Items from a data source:
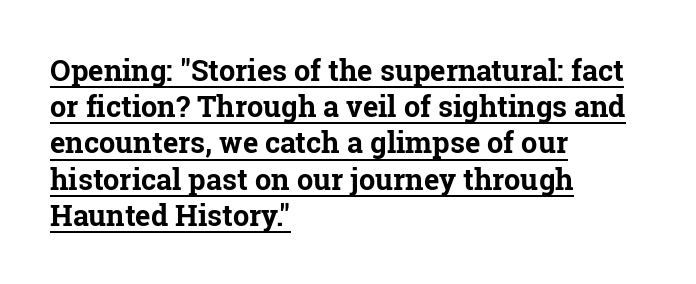
The image shows 29 px bold serif type, upright; set left-aligned, normal line spacing (1.25x), normal letter spacing, underlined; low stroke contrast and a medium x-height.
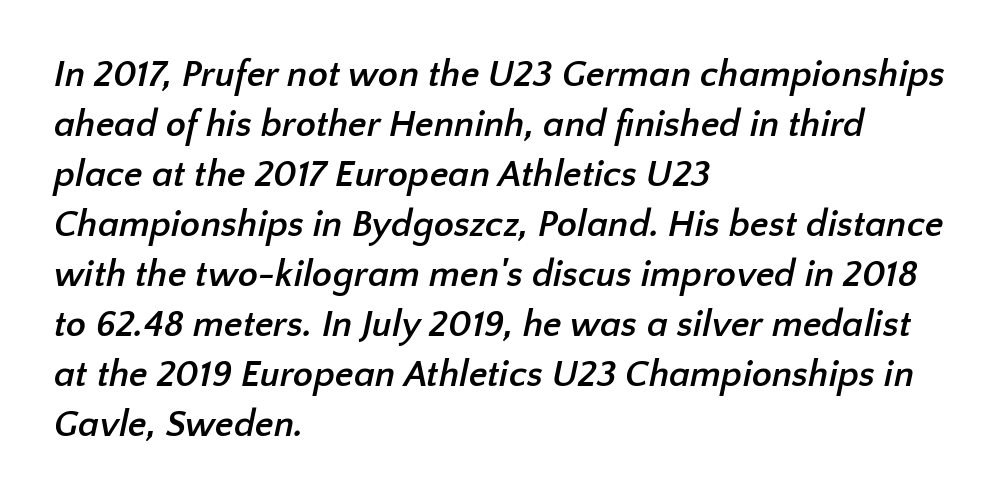
Q: Is the text bold? A: Yes.
Q: Is the typeface a serif or a sans-serif typeface? A: Sans-serif.
Q: Is the text underlined? A: No.
Q: How is the paragraph aligned? A: Left-aligned.
Q: Is the spacing between letters normal or unusually wide? A: Normal.
Q: Is the spacing between lines tight, normal or loose? A: Normal.
Q: Width (condensed, normal, or wide)? A: Normal.
Q: Stroke contrast? A: Low.
Q: x-height? A: Medium.
Q: Monospaced? A: No.
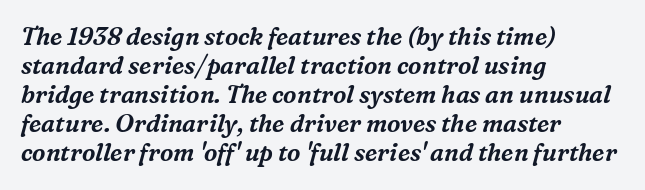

▸ **Prompt**
State the number of lines in the data that include the string "aligned", and add nothing else.

▸ **Answer space**
2